**Your objective:**
Search the records for the word "stone" and copy every line in which it occurs.

**Records:**
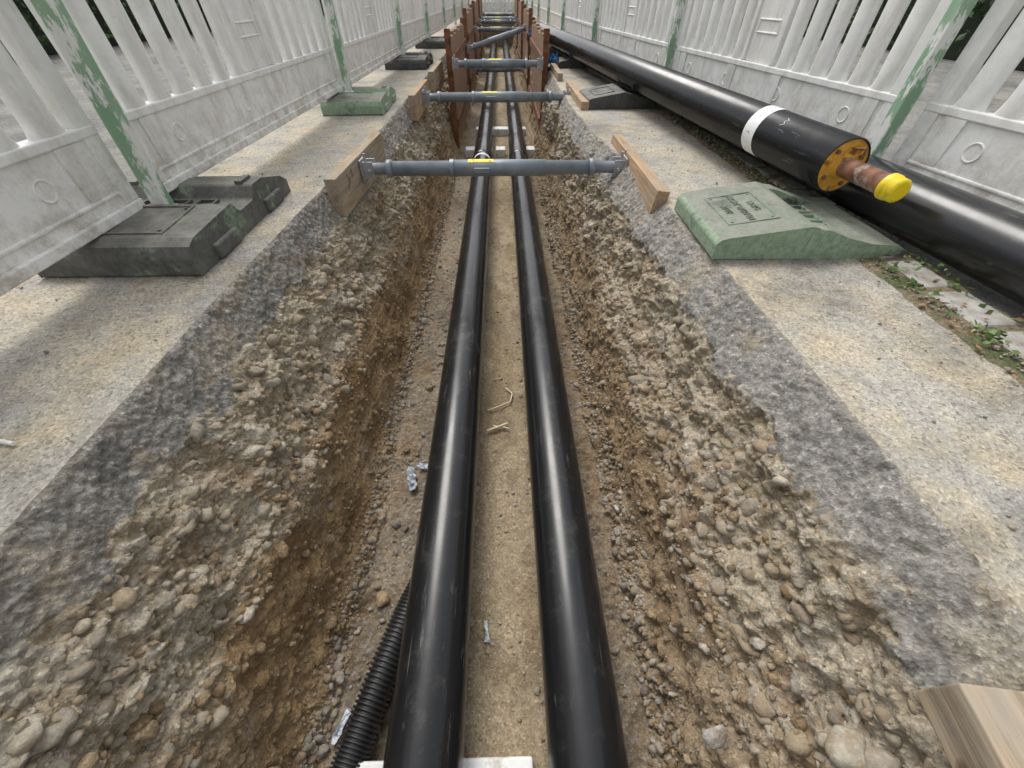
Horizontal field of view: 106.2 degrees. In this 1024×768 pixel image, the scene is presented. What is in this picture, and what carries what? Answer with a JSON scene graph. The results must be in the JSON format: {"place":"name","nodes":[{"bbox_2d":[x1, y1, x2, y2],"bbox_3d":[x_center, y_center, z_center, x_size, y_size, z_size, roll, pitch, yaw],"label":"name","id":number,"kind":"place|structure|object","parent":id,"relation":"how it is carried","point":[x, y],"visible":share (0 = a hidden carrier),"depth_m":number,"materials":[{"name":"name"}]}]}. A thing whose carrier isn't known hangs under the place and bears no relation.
{"place":"outdoors","nodes":[
{"label":"outdoors","id":0,"kind":"place"},
{"bbox_2d":[483,23,513,46],"bbox_3d":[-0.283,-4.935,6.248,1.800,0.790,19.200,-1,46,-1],"label":"trench end wall","id":1,"kind":"structure","parent":0,"point":[486,35],"depth_m":12.82,"materials":[{"name":"soil"}]},
{"bbox_2d":[382,42,496,767],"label":"heating pipe","id":2,"kind":"object","parent":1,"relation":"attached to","point":[426,727],"visible":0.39,"depth_m":1.12,"materials":[{"name":"black plastic"}]},
{"bbox_2d":[503,39,628,767],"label":"heating pipe","id":3,"kind":"object","parent":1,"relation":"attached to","point":[584,727],"visible":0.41,"depth_m":1.12,"materials":[{"name":"black plastic"}]},
{"bbox_2d":[0,18,1023,612],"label":"asphalt road","id":4,"kind":"structure","parent":0,"point":[54,416],"depth_m":0.96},
{"bbox_2d":[0,439,16,445],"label":"scrap","id":5,"kind":"object","parent":4,"relation":"on","point":[7,442],"visible":1,"depth_m":0.74,"materials":[{"name":"white plastic"}]},
{"bbox_2d":[38,175,290,277],"bbox_3d":[-1.208,-0.630,1.393,0.512,0.124,0.724,-1,46,-1],"label":"barrier foot","id":6,"kind":"object","parent":4,"relation":"on","point":[203,225],"visible":0.78,"depth_m":1.22},
{"bbox_2d":[30,0,176,204],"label":"barrier post","id":7,"kind":"object","parent":6,"relation":"in","point":[59,24],"visible":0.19,"depth_m":1.11,"materials":[{"name":"plastic"}]},
{"bbox_2d":[320,85,396,114],"bbox_3d":[-1.139,-2.157,2.895,0.441,0.107,0.623,-2,46,-2],"label":"barrier foot","id":8,"kind":"object","parent":4,"relation":"on","point":[369,100],"visible":0.99,"depth_m":2.71},
{"bbox_2d":[23,0,342,192],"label":"plastic barrier","id":9,"kind":"object","parent":8,"relation":"attached to","point":[184,130],"visible":0.94,"depth_m":1.60,"materials":[{"name":"white plastic"}]},
{"bbox_2d":[324,0,353,91],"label":"barrier post","id":10,"kind":"object","parent":8,"relation":"in","point":[333,24],"visible":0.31,"depth_m":2.69,"materials":[{"name":"green metal"}]},
{"bbox_2d":[385,51,432,69],"bbox_3d":[-1.185,-3.765,4.459,0.474,0.115,0.670,-1,46,-1],"label":"barrier foot","id":11,"kind":"object","parent":4,"relation":"on","point":[415,61],"visible":0.79,"depth_m":4.25},
{"bbox_2d":[321,0,400,86],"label":"plastic barrier","id":12,"kind":"object","parent":11,"relation":"attached to","point":[368,34],"visible":0.93,"depth_m":3.28,"materials":[{"name":"white plastic"}]},
{"bbox_2d":[393,0,404,54],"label":"barrier post","id":13,"kind":"object","parent":11,"relation":"in","point":[399,26],"depth_m":4.24,"materials":[{"name":"green metal"}]},
{"bbox_2d":[415,36,444,48],"bbox_3d":[-1.236,-5.339,5.995,0.474,0.115,0.670,-1,46,-1],"label":"barrier foot","id":14,"kind":"object","parent":4,"relation":"on","point":[435,42],"visible":0.69,"depth_m":5.78},
{"bbox_2d":[393,0,426,50],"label":"plastic barrier","id":15,"kind":"object","parent":14,"relation":"attached to","point":[412,18],"visible":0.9,"depth_m":4.97,"materials":[{"name":"white plastic"}]},
{"bbox_2d":[423,0,430,37],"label":"barrier post","id":16,"kind":"object","parent":14,"relation":"in","point":[427,19],"visible":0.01,"depth_m":5.78,"materials":[{"name":"green metal"}]},
{"bbox_2d":[423,0,443,34],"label":"plastic barrier","id":17,"kind":"object","parent":14,"relation":"attached to","point":[435,15],"visible":0.75,"depth_m":6.57,"materials":[{"name":"white plastic"}]},
{"bbox_2d":[442,0,446,27],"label":"barrier post","id":18,"kind":"object","parent":4,"relation":"on","point":[444,14],"depth_m":7.32,"materials":[{"name":"green metal"}]},
{"bbox_2d":[443,0,453,25],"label":"plastic barrier","id":19,"kind":"object","parent":18,"relation":"attached to","point":[449,13],"visible":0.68,"depth_m":8.23,"materials":[{"name":"white plastic"}]},
{"bbox_2d":[453,0,456,24],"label":"barrier post","id":20,"kind":"object","parent":4,"relation":"on","point":[455,20],"visible":1,"depth_m":8.90,"materials":[{"name":"green metal"}]},
{"bbox_2d":[0,36,1023,767],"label":"trench","id":21,"kind":"object","parent":4,"relation":"in","point":[930,598],"visible":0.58,"depth_m":1.00,"materials":[{"name":"soil"}]},
{"bbox_2d":[331,708,351,744],"bbox_3d":[-0.446,0.892,1.003,0.019,0.011,0.074,14,47,13],"label":"plastic film scrap","id":22,"kind":"object","parent":21,"relation":"on","point":[338,731],"visible":0.99,"depth_m":1.00,"materials":[{"name":"white plastic"}]},
{"bbox_2d":[323,132,385,216],"bbox_3d":[-0.790,-1.117,2.009,0.053,0.165,0.800,0,46,0],"label":"timber board","id":23,"kind":"object","parent":21,"relation":"on","point":[346,186],"visible":0.7,"depth_m":1.85,"materials":[{"name":"beige wood"}]},
{"bbox_2d":[329,579,410,767],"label":"corrugated conduit","id":24,"kind":"object","parent":21,"relation":"on","point":[363,726],"visible":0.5,"depth_m":0.99,"materials":[{"name":"black plastic"}]},
{"bbox_2d":[405,467,416,490],"bbox_3d":[-0.393,0.365,1.504,0.040,0.025,0.109,-14,47,-13],"label":"plastic film scrap","id":25,"kind":"object","parent":21,"relation":"on","point":[412,484],"visible":1,"depth_m":1.50,"materials":[{"name":"white plastic"}]},
{"bbox_2d":[408,79,428,120],"bbox_3d":[-0.782,-2.427,3.273,0.053,0.165,0.760,-1,46,-1],"label":"timber board","id":26,"kind":"object","parent":21,"relation":"on","point":[417,106],"visible":0.77,"depth_m":3.08,"materials":[{"name":"brown wood"}]},
{"bbox_2d":[417,462,427,469],"bbox_3d":[-0.341,0.328,1.545,0.078,0.020,0.034,15,48,14],"label":"plastic film scrap","id":27,"kind":"object","parent":21,"relation":"on","point":[423,465],"visible":0.53,"depth_m":1.55,"materials":[{"name":"white plastic"}]},
{"bbox_2d":[428,60,443,90],"bbox_3d":[-0.795,-3.255,4.050,0.050,0.150,0.850,-1,46,-1],"label":"timber board","id":28,"kind":"object","parent":21,"relation":"on","point":[435,75],"visible":1,"depth_m":3.90,"materials":[{"name":"brown wood"}]},
{"bbox_2d":[356,756,532,767],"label":"foam support block","id":29,"kind":"object","parent":21,"relation":"on","point":[508,762],"depth_m":0.92,"materials":[{"name":"white plastic"}]},
{"bbox_2d":[444,17,469,148],"bbox_3d":[-0.670,-3.958,5.016,0.074,1.110,2.290,-1,46,-1],"label":"trench shoring panel","id":30,"kind":"object","parent":21,"relation":"attached to","point":[455,41],"visible":0.73,"depth_m":4.52,"materials":[{"name":"brown wood"}]},
{"bbox_2d":[467,22,526,53],"bbox_3d":[-0.211,-5.233,5.802,0.109,0.305,1.265,36,55,30],"label":"trench strut","id":31,"kind":"object","parent":30,"relation":"attached to","point":[494,39],"visible":1,"depth_m":5.77,"materials":[{"name":"metal"}]},
{"bbox_2d":[452,54,542,70],"bbox_3d":[-0.146,-3.301,3.945,0.927,0.125,0.110,-1,46,-1],"label":"trench strut","id":32,"kind":"object","parent":30,"relation":"attached to","point":[525,63],"visible":1,"depth_m":3.93,"materials":[{"name":"metal"}]},
{"bbox_2d":[462,4,476,91],"bbox_3d":[-0.734,-5.954,6.907,0.074,1.190,2.090,-1,46,-1],"label":"trench shoring panel","id":33,"kind":"object","parent":21,"relation":"attached to","point":[467,14],"visible":0.65,"depth_m":6.51,"materials":[{"name":"brown wood"}]},
{"bbox_2d":[474,24,521,32],"bbox_3d":[-0.258,-6.657,7.205,0.892,0.125,0.110,-1,46,-1],"label":"trench strut","id":34,"kind":"object","parent":33,"relation":"attached to","point":[492,29],"visible":0.83,"depth_m":7.19,"materials":[{"name":"metal"}]},
{"bbox_2d":[471,0,480,74],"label":"trench shoring panel","id":35,"kind":"object","parent":21,"relation":"attached to","point":[476,18],"visible":0.5,"depth_m":8.48,"materials":[{"name":"brown wood"}]},
{"bbox_2d":[478,17,517,24],"bbox_3d":[-0.304,-8.102,8.588,0.892,0.125,0.110,-1,46,-1],"label":"trench strut","id":36,"kind":"object","parent":35,"relation":"attached to","point":[497,21],"visible":1,"depth_m":8.57,"materials":[{"name":"metal"}]},
{"bbox_2d":[478,0,483,57],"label":"trench shoring panel","id":37,"kind":"object","parent":21,"relation":"attached to","point":[481,24],"visible":0.5,"depth_m":10.43,"materials":[{"name":"brown metal"}]},
{"bbox_2d":[483,13,513,16],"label":"trench strut","id":38,"kind":"object","parent":37,"relation":"attached to","point":[498,14],"visible":0.98,"depth_m":11.02,"materials":[{"name":"metal"}]},
{"bbox_2d":[481,16,515,19],"bbox_3d":[-0.346,-9.376,9.859,0.892,0.125,0.110,-1,46,-1],"label":"trench strut","id":39,"kind":"object","parent":37,"relation":"attached to","point":[491,18],"visible":0.67,"depth_m":9.84,"materials":[{"name":"metal"}]},
{"bbox_2d":[484,620,489,641],"bbox_3d":[-0.076,0.741,1.156,0.018,0.013,0.058,-4,46,-4],"label":"plastic film scrap","id":40,"kind":"object","parent":21,"relation":"on","point":[487,638],"visible":1,"depth_m":1.15,"materials":[{"name":"white plastic"}]},
{"bbox_2d":[358,151,627,182],"bbox_3d":[-0.091,-1.121,1.971,1.342,0.125,0.110,-1,46,-1],"label":"trench strut","id":41,"kind":"object","parent":21,"relation":"on","point":[370,168],"visible":0.93,"depth_m":1.95,"materials":[{"name":"metal"}]},
{"bbox_2d":[422,86,570,105],"bbox_3d":[-0.129,-2.459,3.276,1.252,0.125,0.110,-1,46,-1],"label":"trench strut","id":42,"kind":"object","parent":21,"relation":"on","point":[428,97],"visible":0.91,"depth_m":3.26,"materials":[{"name":"metal"}]},
{"bbox_2d":[487,423,507,431],"bbox_3d":[-0.063,0.190,1.694,0.100,0.018,0.016,-18,48,-17],"label":"wood splinter","id":43,"kind":"object","parent":21,"relation":"on","point":[496,427],"visible":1,"depth_m":1.69,"materials":[{"name":"beige wood"}]},
{"bbox_2d":[465,146,534,157],"bbox_3d":[-0.138,-2.707,4.490,0.800,0.085,0.150,-1,46,-1],"label":"foam support block","id":44,"kind":"object","parent":21,"relation":"on","point":[469,151],"depth_m":4.44,"materials":[{"name":"white plastic"}]},
{"bbox_2d":[488,388,512,410],"bbox_3d":[-0.043,0.081,1.804,0.069,0.012,0.169,23,50,21],"label":"string","id":45,"kind":"object","parent":21,"relation":"on","point":[504,403],"visible":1,"depth_m":1.79,"materials":[{"name":"beige fabric"}]},
{"bbox_2d":[476,126,525,135],"bbox_3d":[-0.150,-3.386,5.155,0.660,0.081,0.150,-1,46,-1],"label":"foam support block","id":46,"kind":"object","parent":21,"relation":"on","point":[500,130],"depth_m":5.10,"materials":[{"name":"white plastic"}]},
{"bbox_2d":[1,76,1023,767],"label":"gravel","id":47,"kind":"structure","parent":21,"relation":"on","point":[841,746],"depth_m":1.00,"materials":[{"name":"stone"}]},
{"bbox_2d":[514,0,517,48],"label":"trench shoring panel","id":48,"kind":"object","parent":21,"relation":"attached to","point":[516,15],"visible":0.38,"depth_m":10.48,"materials":[{"name":"brown wood"}]},
{"bbox_2d":[517,0,523,58],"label":"trench shoring panel","id":49,"kind":"object","parent":21,"relation":"attached to","point":[520,18],"visible":0.55,"depth_m":8.48,"materials":[{"name":"brown wood"}]},
{"bbox_2d":[522,4,532,91],"bbox_3d":[0.253,-5.971,6.923,0.072,1.190,2.090,-1,46,-1],"label":"trench shoring panel","id":50,"kind":"object","parent":21,"relation":"attached to","point":[527,14],"visible":0.6,"depth_m":6.44,"materials":[{"name":"brown wood"}]},
{"bbox_2d":[473,68,524,73],"bbox_3d":[-0.230,-5.484,6.689,0.892,0.125,0.110,-1,46,-1],"label":"trench strut","id":51,"kind":"object","parent":50,"relation":"attached to","point":[490,70],"visible":0.65,"depth_m":6.68,"materials":[{"name":"metal"}]},
{"bbox_2d":[528,17,549,131],"bbox_3d":[0.317,-3.975,5.032,0.072,1.110,2.290,-1,46,-1],"label":"trench shoring panel","id":52,"kind":"object","parent":21,"relation":"attached to","point":[539,39],"visible":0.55,"depth_m":4.55,"materials":[{"name":"brown wood"}]},
{"bbox_2d":[611,134,669,214],"bbox_3d":[0.608,-1.054,1.962,0.055,0.175,0.900,3,45,-5],"label":"timber board","id":53,"kind":"object","parent":21,"relation":"on","point":[653,190],"visible":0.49,"depth_m":1.75,"materials":[{"name":"beige wood"}]},
{"bbox_2d":[537,0,539,22],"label":"barrier post","id":54,"kind":"object","parent":4,"relation":"on","point":[538,8],"visible":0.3,"depth_m":8.90,"materials":[{"name":"green metal"}]},
{"bbox_2d":[539,0,549,23],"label":"plastic barrier","id":55,"kind":"object","parent":54,"relation":"attached to","point":[543,11],"visible":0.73,"depth_m":8.22,"materials":[{"name":"white plastic"}]},
{"bbox_2d":[546,0,549,24],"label":"barrier post","id":56,"kind":"object","parent":4,"relation":"on","point":[548,10],"depth_m":7.33,"materials":[{"name":"green metal"}]},
{"bbox_2d":[548,50,558,64],"bbox_3d":[0.438,-3.650,4.293,0.183,0.106,0.368,-1,46,-1],"label":"blue cloth","id":57,"kind":"object","parent":4,"relation":"on","point":[552,58],"visible":0.68,"depth_m":4.22,"materials":[{"name":"blue fabric"}]},
{"bbox_2d":[550,63,562,80],"bbox_3d":[0.457,-3.219,4.021,0.050,0.140,0.800,-1,46,-1],"label":"timber board","id":58,"kind":"object","parent":4,"relation":"on","point":[556,71],"visible":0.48,"depth_m":3.86,"materials":[{"name":"brown wood"}]},
{"bbox_2d":[560,0,565,29],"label":"barrier post","id":59,"kind":"object","parent":4,"relation":"on","point":[563,15],"depth_m":5.78,"materials":[{"name":"green metal"}]},
{"bbox_2d":[549,0,564,30],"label":"plastic barrier","id":60,"kind":"object","parent":59,"relation":"attached to","point":[555,13],"visible":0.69,"depth_m":6.61,"materials":[{"name":"white plastic"}]},
{"bbox_2d":[564,0,599,41],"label":"plastic barrier","id":61,"kind":"object","parent":59,"relation":"attached to","point":[578,21],"visible":0.78,"depth_m":4.94,"materials":[{"name":"white plastic"}]},
{"bbox_2d":[556,55,586,67],"bbox_3d":[0.806,-3.730,4.439,0.560,0.094,0.363,-1,46,-1],"label":"barrier foot","id":62,"kind":"object","parent":4,"relation":"on","point":[568,61],"visible":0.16,"depth_m":4.33},
{"bbox_2d":[566,81,588,109],"bbox_3d":[0.526,-2.333,3.191,0.058,0.170,0.930,-1,46,-1],"label":"timber board","id":63,"kind":"object","parent":4,"relation":"on","point":[580,100],"visible":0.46,"depth_m":2.99,"materials":[{"name":"brown wood"}]},
{"bbox_2d":[579,83,659,108],"bbox_3d":[0.843,-2.216,2.957,0.595,0.100,0.386,-2,46,-2],"label":"barrier foot","id":64,"kind":"object","parent":4,"relation":"on","point":[611,96],"visible":0.96,"depth_m":2.84},
{"bbox_2d":[539,23,911,202],"bbox_3d":[0.806,-2.871,3.398,0.177,0.186,6.414,-5,46,-5],"label":"heating pipe","id":65,"kind":"object","parent":4,"relation":"on","point":[821,156],"visible":0.93,"depth_m":1.64,"materials":[{"name":"plastic"}]},
{"bbox_2d":[549,45,1023,306],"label":"heating pipe","id":66,"kind":"object","parent":4,"relation":"on","point":[979,239],"visible":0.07,"depth_m":1.16,"materials":[{"name":"black plastic"}]},
{"bbox_2d":[674,182,906,258],"bbox_3d":[0.968,-0.594,1.371,0.630,0.106,0.409,0,46,0],"label":"barrier foot","id":67,"kind":"object","parent":4,"relation":"on","point":[753,220],"visible":1,"depth_m":1.27},
{"bbox_2d":[657,108,1023,387],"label":"soil verge","id":68,"kind":"structure","parent":4,"relation":"on","point":[942,320],"depth_m":1.09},
{"bbox_2d":[659,113,1023,377],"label":"fallen leaves","id":69,"kind":"object","parent":68,"relation":"on","point":[951,321],"visible":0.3,"depth_m":1.06,"materials":[{"name":"brown plant"}]},
{"bbox_2d":[661,108,1023,360],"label":"weeds","id":70,"kind":"object","parent":68,"relation":"on","point":[991,334],"visible":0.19,"depth_m":1.12,"materials":[{"name":"green plant"}]},
{"bbox_2d":[916,683,1023,767],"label":"timber board","id":71,"kind":"object","parent":4,"relation":"on","point":[976,726],"visible":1,"depth_m":0.46,"materials":[{"name":"beige wood"}]},
{"bbox_3d":[-1.147,0.959,-0.151,0.474,0.115,0.670,-1,46,-1],"label":"barrier","id":72,"kind":"object","parent":4,"relation":"on","visible":0},
{"bbox_2d":[0,0,145,295],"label":"plastic barrier","id":73,"kind":"object","parent":72,"relation":"attached to","point":[66,188],"visible":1,"depth_m":1.02,"materials":[{"name":"white plastic"}]},
{"bbox_2d":[0,0,1023,325],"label":"ground","id":74,"kind":"structure","parent":0,"point":[16,134],"depth_m":2.96,"materials":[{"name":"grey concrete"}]},
{"bbox_2d":[0,0,324,59],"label":"hedge","id":75,"kind":"object","parent":74,"relation":"on","point":[36,29],"visible":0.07,"depth_m":5.93,"materials":[{"name":"green plant"}]},
{"bbox_2d":[469,0,527,11],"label":"plastic barrier","id":76,"kind":"object","parent":74,"relation":"on","point":[497,6],"visible":0.44,"depth_m":12.54,"materials":[{"name":"white plastic"}]},
{"bbox_2d":[678,117,1023,358],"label":"stone curb","id":77,"kind":"structure","parent":74,"relation":"on","point":[971,310],"depth_m":1.10,"materials":[{"name":"stone"}]},
{"bbox_2d":[684,0,1023,69],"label":"hedge","id":78,"kind":"object","parent":74,"relation":"on","point":[975,18],"visible":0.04,"depth_m":4.84,"materials":[{"name":"green plant"}]},
{"bbox_2d":[870,0,977,157],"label":"barrier post","id":79,"kind":"object","parent":74,"relation":"on","point":[952,21],"visible":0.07,"depth_m":1.33,"materials":[{"name":"green paint"}]},
{"bbox_2d":[673,0,951,141],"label":"plastic barrier","id":80,"kind":"object","parent":79,"relation":"attached to","point":[757,62],"visible":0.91,"depth_m":1.77,"materials":[{"name":"white plastic"}]},
{"bbox_2d":[591,0,599,41],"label":"barrier post","id":81,"kind":"object","parent":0,"point":[595,19],"depth_m":4.22,"materials":[{"name":"green metal"}]},
{"bbox_2d":[663,0,685,67],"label":"barrier post","id":82,"kind":"object","parent":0,"point":[676,21],"visible":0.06,"depth_m":2.70,"materials":[{"name":"green metal"}]},
{"bbox_2d":[596,0,686,68],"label":"plastic barrier","id":83,"kind":"object","parent":82,"relation":"attached to","point":[640,28],"visible":0.81,"depth_m":3.29,"materials":[{"name":"white plastic"}]},
{"label":"barrier post","id":84,"kind":"object","parent":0,"visible":0},
{"bbox_2d":[452,0,461,19],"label":"plastic barrier","id":85,"kind":"object","parent":84,"relation":"attached to","point":[458,5],"visible":0.75,"depth_m":9.71,"materials":[{"name":"white plastic"}]},
{"bbox_3d":[-1.338,-11.966,11.754,0.058,1.050,0.058,0,46,-1],"label":"barrier post","id":86,"kind":"object","parent":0,"visible":0},
{"bbox_2d":[463,0,467,9],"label":"plastic barrier","id":87,"kind":"object","parent":86,"relation":"attached to","point":[465,3],"visible":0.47,"depth_m":11.33,"materials":[{"name":"white plastic"}]},
{"bbox_3d":[1.750,0.296,-0.212,0.058,1.050,0.058,-2,46,0],"label":"barrier post","id":88,"kind":"object","parent":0,"visible":0},
{"bbox_2d":[890,0,1023,212],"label":"plastic barrier","id":89,"kind":"object","parent":88,"relation":"attached to","point":[967,141],"visible":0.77,"depth_m":1.24,"materials":[{"name":"white plastic"}]},
{"bbox_3d":[0.543,-10.423,10.248,0.058,1.050,0.058,-1,46,-1],"label":"barrier post","id":90,"kind":"object","parent":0,"visible":0},
{"bbox_2d":[533,0,539,18],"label":"plastic barrier","id":91,"kind":"object","parent":90,"relation":"attached to","point":[535,4],"visible":0.62,"depth_m":9.83,"materials":[{"name":"white plastic"}]}
]}

**Reply:**
{"bbox_2d":[1,76,1023,767],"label":"gravel","id":47,"kind":"structure","parent":21,"relation":"on","point":[841,746],"depth_m":1.00,"materials":[{"name":"stone"}]},
{"bbox_2d":[678,117,1023,358],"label":"stone curb","id":77,"kind":"structure","parent":74,"relation":"on","point":[971,310],"depth_m":1.10,"materials":[{"name":"stone"}]},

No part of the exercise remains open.